The best red wine in the world!


Some say Georgia is the birthplace of wine. I do not know if that claim is true but Georgian wine is surely of very good quality and the monastery we visited that balmy November afternoon was located in the wine country in northern Georgia. But wine was not on my mind when I stepped into that beautiful monastery. I was looking at the paintings and admiring the ambience along with my colleagues when I saw someone extend an exquisitely beautiful glass towards me. "You must taste this wine", Bshop Sergei said, "it is one of the best you will ever have". And he was right! I only wish I had more time to enjoy the red wine that the Bishop offered. But our next meeting was with the President of Georgia - and his restless aides were hurrying us along.


* * * * * * * * * *

Mikheil Saakashvili was in his mid-twenties when the call came from home. He had just got a law degree from Columbia University in New York and, after a stint at George Washington University in Washington DC, he was working for a law firm in New York. This was 1995 and elections had just been announced for the Georgian Parliament. After the initial years of transition following the collapse of the Soviet Union, Georgia was going to take the first major step towards democracy. A friend called, asking Mikheil to return and with him, and many others of his generation, contest for a seat in the Parliament. He packed his bags, left what could have been a promising career as a lawyer in the US, and returned home. "Was this an easy decision for him, or did he agonize over it?" - my question to him that afternoon did not evoke a direct answer. The decision, nonetheless, turned out to be right one. He won and immediately got appointed as Chairman of an important Parliamentary Committee. Then, in 2000, barely in his thirties, Saakashvili became Justice Minister. He resigned a year later but was back in government in January 2004 after winning the Presidential elections that followed the Rose Revolution of 2002. Mikheil Saakashvilli was the youngest President in Europe at that time.


In his six years as President, Saakashvili and his young associates have brought about remarkable changes to the country. The most notable perhaps is the crackdown on corruption but there have been other reforms as well –on the World Bank Group’s “Doing Business” indicators that measure progress in improving the regulatory framework for business, Georgia was recently named as the country with the most progress during the past five years, surpassing the other 182 countries covered by the indicators. But all is not well. Concerns have been expressed about high-handedness and human rights violations from time to time. And the Russians are concerned about the strongly pro-western orientation of the government.


Waiting for the President to arrive


When he met us at a resort, two and a half hours drive from the capital Tbilisi, Saakashvili was initially in a relaxed mood. We were meeting him on a terrace with a spectacular view. On one side was a beautiful lake framed by the mountains on the Russian border. On the other side, we could see valleys filled with vineyards that reminded us that this is the country which some people claim is the birthplace of wine. The President’s aides told us that he will join us in a few minutes and that we should relax and enjoy the food and drinks that have been laid out for us. I was interested in taking photographs and wanted to check if the President would be ok with that. So when I noticed a handsome Georgian, in jeans and a casual sports jacket, talking to some of my colleagues, I thought of going and asking him. But before I could, he muttered something about being back in a few minutes and left the terrace. He would have been the perfect person to ask for that was none other than Mikheil Saakashvili himself! Like a good host running a few minutes late, the President had come up to apologize and check if we were doing ok.

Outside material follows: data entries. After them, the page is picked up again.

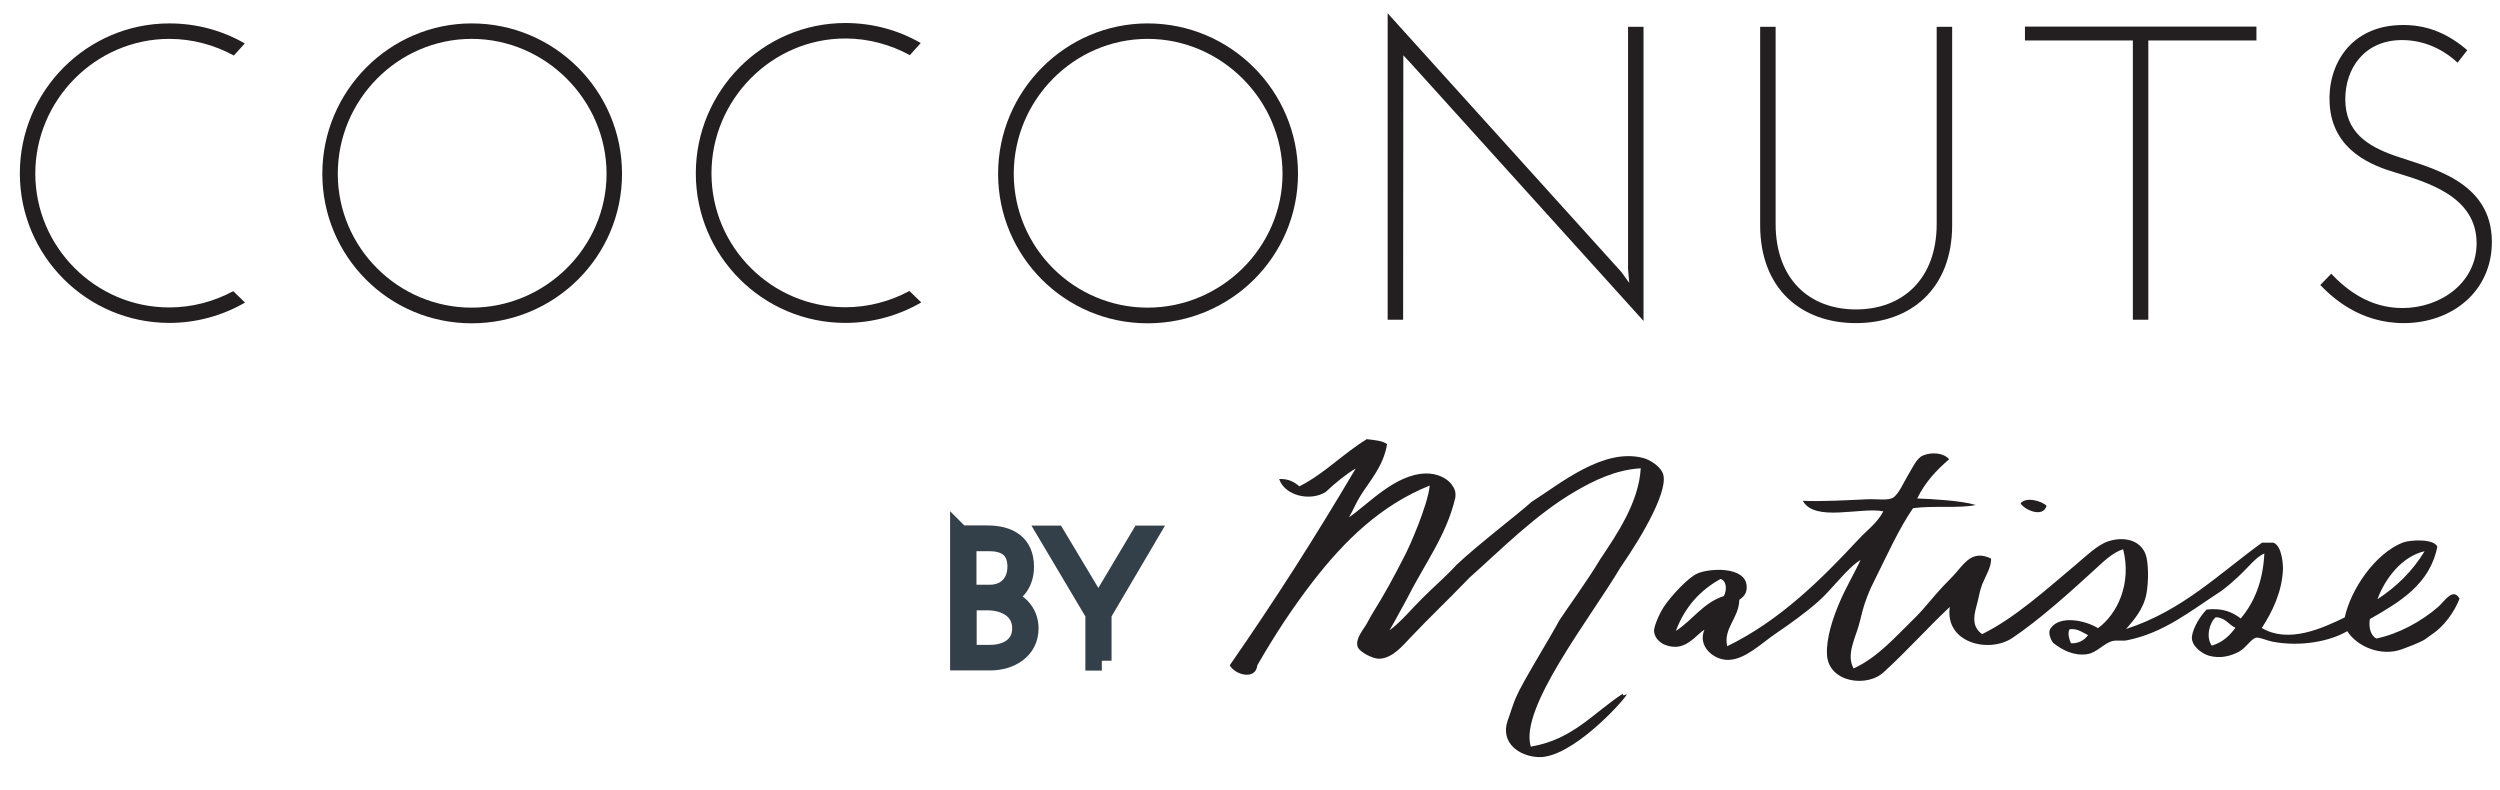 <?xml version="1.0" encoding="UTF-8"?>
<svg id="R2" xmlns="http://www.w3.org/2000/svg" viewBox="0 0 126.04 39.83">
  <defs>
    <style>
      .cls-1, .cls-2, .cls-3 {
        fill: #231f20;
      }

      .cls-2 {
        stroke: #344049;
      }

      .cls-3 {
        fill-rule: evenodd;
      }
    </style>
  </defs>
  <g>
    <path class="cls-1" d="M12.36,15.25c-1.12,.65-2.43,1.03-3.82,1.03-4.16,0-7.54-3.38-7.54-7.54S4.38,1.18,8.54,1.18c1.37,0,2.68,.36,3.8,1.01l-.55,.61c-.97-.53-2.09-.84-3.25-.84C4.82,1.96,1.78,5.04,1.78,8.75s3.04,6.75,6.75,6.75c1.16,0,2.26-.3,3.23-.82l.59,.57Z"/>
    <path class="cls-1" d="M46.44,15.25c-1.12,.65-2.43,1.03-3.82,1.03-4.16,0-7.54-3.38-7.54-7.54s3.38-7.58,7.54-7.58c1.37,0,2.68,.36,3.8,1.01l-.55,.61c-.97-.53-2.09-.84-3.25-.84-3.71,0-6.75,3.08-6.75,6.8s3.04,6.75,6.75,6.75c1.16,0,2.26-.3,3.23-.82l.59,.57Z"/>
    <path class="cls-1" d="M23.78,1.18c4.18,0,7.58,3.4,7.58,7.58s-3.4,7.54-7.58,7.54-7.53-3.38-7.53-7.54,3.38-7.58,7.53-7.58Zm0,14.33c3.71,0,6.8-3.04,6.8-6.75s-3.08-6.8-6.8-6.8-6.75,3.08-6.75,6.8,3.04,6.75,6.75,6.75Z"/>
    <path class="cls-1" d="M57.86,1.18c4.18,0,7.58,3.4,7.58,7.58s-3.4,7.54-7.58,7.54-7.54-3.38-7.54-7.54,3.38-7.58,7.54-7.58Zm0,14.33c3.71,0,6.8-3.04,6.8-6.75s-3.08-6.8-6.8-6.8-6.75,3.08-6.75,6.8,3.04,6.75,6.75,6.75Z"/>
    <path class="cls-1" d="M82.86,16.18l-11.78-13.04-.33-.35v.48s-.01,12.85-.01,12.85h-.78V.67l11.78,13.04,.4,.55-.06-.68V1.35h.78v14.84Z"/>
    <path class="cls-1" d="M88.74,11.35V1.35h.78V11.29c0,2.77,1.69,4.31,4.05,4.31s4.07-1.54,4.07-4.31V1.35h.78V11.35c0,3.23-2.11,4.94-4.85,4.94s-4.83-1.71-4.83-4.94Z"/>
    <path class="cls-1" d="M113.76,2.04h-5.45v14.08h-.78V2.04h-5.44v-.7h11.67v.7Z"/>
    <path class="cls-1" d="M123.9,3.16c-.46-.44-1.44-1.14-2.79-1.14-1.92,0-2.87,1.44-2.87,2.98,0,1.65,1.1,2.36,2.49,2.85,1.75,.61,4.9,1.24,4.9,4.35,0,2.49-2.01,4.09-4.45,4.09-2.24,0-3.63-1.33-4.2-1.92l.55-.57c.76,.8,1.92,1.73,3.59,1.73,1.92,0,3.74-1.27,3.74-3.27,0-2.38-2.53-3.08-4.12-3.57-1.06-.32-3.17-1.06-3.29-3.48-.11-1.88,1.01-3.95,3.71-3.95,1.06,0,2.13,.32,3.23,1.27l-.49,.63Z"/>
  </g>
  <g>
    <path class="cls-2" d="M48.41,26.99h1.36c1.11,0,1.86,.46,1.86,1.58,0,.74-.37,1.35-1.14,1.56,.72,.15,1.37,.68,1.37,1.55,0,1.07-.94,1.62-1.93,1.62h-1.53v-6.32Zm.33,2.99h1.16c.85,0,1.39-.58,1.39-1.41,0-.92-.58-1.28-1.41-1.28h-1.15v2.69Zm0,3.03h1.19c.87,0,1.6-.44,1.6-1.33,0-.98-.86-1.41-1.75-1.41h-1.04v2.74Z"/>
    <path class="cls-2" d="M55.55,33.31h-.33v-2.37l-2.34-3.94h.33l2.06,3.44,.11,.24h0l.1-.24,2.05-3.44h.33l-2.32,3.94v2.37Z"/>
    <path class="cls-3" d="M98.26,23.16c-.64,.55-1.21,1.16-1.6,1.97,.76,.03,2.25,.11,2.95,.33-.82,.18-2.14,.02-3.16,.16-.7,1-1.35,2.45-1.97,3.69-.36,.71-.55,1.31-.7,1.97-.2,.85-.73,1.68-.33,2.42,1.23-.56,2.09-1.58,3.16-2.62,.44-.44,.85-.99,1.35-1.52,.19-.2,.46-.46,.7-.74,.44-.52,.85-1.08,1.72-.66,.03,.41-.29,.91-.45,1.31-.14,.37-.16,.66-.29,1.11-.17,.61-.17,1.06,.29,1.39,1.63-.79,3.28-2.29,4.76-3.53,.46-.39,1.07-.98,1.6-1.15,.91-.29,1.75,.01,1.93,.82,.11,.53,.09,1.28,0,1.8-.14,.8-.66,1.37-1.03,1.8,2.82-.91,4.68-2.78,6.85-4.35h.57c.46,.15,.49,1.19,.49,1.31-.04,1.16-.54,2.18-1.07,2.99,1.35,.8,3.04,.02,4.18-.53,.32-1.44,1.52-3.2,2.91-3.77,.38-.15,1.59-.21,1.76,.2-.37,1.89-1.89,2.79-3.4,3.65-.07,.39,.03,.84,.33,.98,1.11-.23,2.26-.85,3.12-1.6,.3-.26,.74-1,1.07-.41-.25,.66-.79,1.41-1.39,1.8-.05,.03-.32,.24-.41,.29-.25,.14-.74,.33-1.07,.45-1.1,.42-2.32-.15-2.79-.9-.89,.52-2.36,.8-3.77,.53-.27-.05-.65-.23-.82-.2-.25,.04-.5,.5-.86,.7-.41,.22-.93,.37-1.52,.21-.41-.12-.92-.54-.86-.98,.06-.45,.43-1.04,.74-1.35,.82-.09,1.31,.14,1.72,.45,.68-.81,1.12-1.86,1.19-3.28-.64,.31-.83,.87-2.15,1.88-1.59,1.03-2.89,2.12-4.77,2.5-.23,.05-.51-.02-.74,.04-.43,.11-.79,.59-1.27,.66-.67,.1-1.25-.2-1.72-.57,0,0-.33-.45-.12-.74,.46-.67,1.77-.39,2.38,0,.98-.71,1.71-2.25,1.27-3.98-.54,.17-1,.63-1.48,1.07-1.22,1.12-2.76,2.5-4.1,3.4-1.19,.8-3.42,.25-3.16-1.56-1.04,.97-2.16,2.22-3.28,3.24-.84,.86-2.83,.58-2.91-.82-.05-.83,.3-1.87,.62-2.62,.35-.83,.81-1.58,1.07-2.17-.7,.43-1.44,1.5-2.17,2.13-.64,.56-1.41,1.11-2.13,1.6-.72,.49-1.52,1.3-2.38,1.31-.76,0-1.54-.71-1.19-1.52-.33,.18-.76,.83-1.43,.86-.53,.02-1.06-.28-1.11-.78-.02-.22,.26-.88,.49-1.23,.4-.6,1.24-1.48,1.68-1.68,.61-.28,2.43-.38,2.5,.62,.02,.33-.1,.51-.37,.7-.02,.93-.82,1.44-.61,2.34,2.63-1.28,4.72-3.34,6.64-5.41,.43-.46,.92-.8,1.23-1.39-1.13-.23-3.46,.56-4.06-.53,1.03,.04,2.21-.03,3.28-.08,.43-.02,1.01,.08,1.27-.08,.29-.18,.54-.78,.74-1.11,.24-.38,.44-.89,.78-1.02,.44-.18,1.04-.13,1.31,.2Zm21.6,7.05c.97-.63,1.77-1.42,2.38-2.42-1.15,.26-2,1.39-2.38,2.42Zm-33.12-1.02c-1.05,.58-1.81,1.44-2.25,2.62,.85-.55,1.37-1.42,2.42-1.76,.15-.28,.16-.75-.16-.86Zm24.97,1.93c-.32,.26-.51,1.01-.2,1.43,.54-.16,.9-.5,1.19-.9-.35-.16-.5-.51-.98-.53Zm-7.38,.61c-.1,.23,0,.52,.08,.7,.35,.03,.68-.15,.86-.41-.29-.14-.56-.36-.94-.29Z"/>
    <path class="cls-3" d="M103.18,25.5c-.18,.63-1.12,.2-1.31-.12,.26-.35,1.06-.13,1.31,.12Z"/>
    <path class="cls-3" d="M77.23,37.63c2.06-.35,3.13-1.71,4.59-2.66-.02,.17,.13,.03,.2,.04-.2,.37-2.81,3.24-4.47,3.16-.97-.05-1.92-.72-1.54-1.84,.04-.07,.28-.88,.43-1.19,.3-.72,1.6-2.8,2.18-3.87,.29-.46,1.38-1.94,2.06-3.08,.82-1.23,1.94-2.85,2.04-4.58-1.25,.07-2.35,.61-3.28,1.15-2.03,1.18-3.75,2.94-5.34,4.35-1.04,1.08-2.08,2.07-2.95,2.99-.43,.45-.96,1.11-1.64,1.11-.3,0-.99-.34-1.07-.62-.11-.43,.33-.88,.49-1.19,.23-.44,.45-.77,.7-1.19,.52-.87,1.19-2.19,1.26-2.33,.13-.25,1.1-2.4,1.19-3.4-2.47,.99-4.3,2.79-5.86,4.8-1.06,1.37-1.95,2.73-2.83,4.26-.08,.77-1.13,.49-1.39,0,2.33-3.36,4.25-6.37,6.35-9.92-.47,.27-1.07,.76-1.52,1.19-.79,.48-2.06,.18-2.34-.66,.49-.02,.77,.16,1.02,.37,1.28-.65,2.2-1.65,3.4-2.38,.38,.05,.77,.07,1.02,.25-.18,1.11-.85,1.82-1.35,2.62-.21,.33-.36,.72-.57,1.07,.98-.66,2.32-2.18,3.89-2.21,.54,0,.99,.2,1.27,.53,.17,.24,.24,.38,.2,.7-.46,1.93-1.54,3.3-2.47,5.15-.34,.6-.56,1.05-.85,1.53,.59-.43,1.11-1.08,1.68-1.64,.57-.57,1.1-1.01,1.72-1.68,1.18-1.1,3-2.47,3.77-3.16,1.4-.88,3.6-2.74,5.62-2.21,.32,.08,.82,.39,.98,.74,.37,.78-.97,3.12-2.13,4.79-1.53,2.58-5.12,7.1-4.51,9.03Z"/>
  </g>
</svg>

President Saakashvili giving his speech


Ten minutes later, he was back but this time in a more formal, Presidential, mode. The podium had been set up for the TV cameras. With the presidential and national flags beside him, and the spectacular view of the lake and the mountains framing him from the back, Saakashvili spoke to us. But he spoke in his native language and the headphones which carried the translation told us that the President’s flamboyance and demagogy was aimed more at his country folks than his international guests. He did take questions which he answered partly in English and partly in Georgian. But as I mentioned before, he was less than forthcoming in his answers. It was clear who his real audience was that day. It was his fellow Georgians – but also the powers beyond the borders.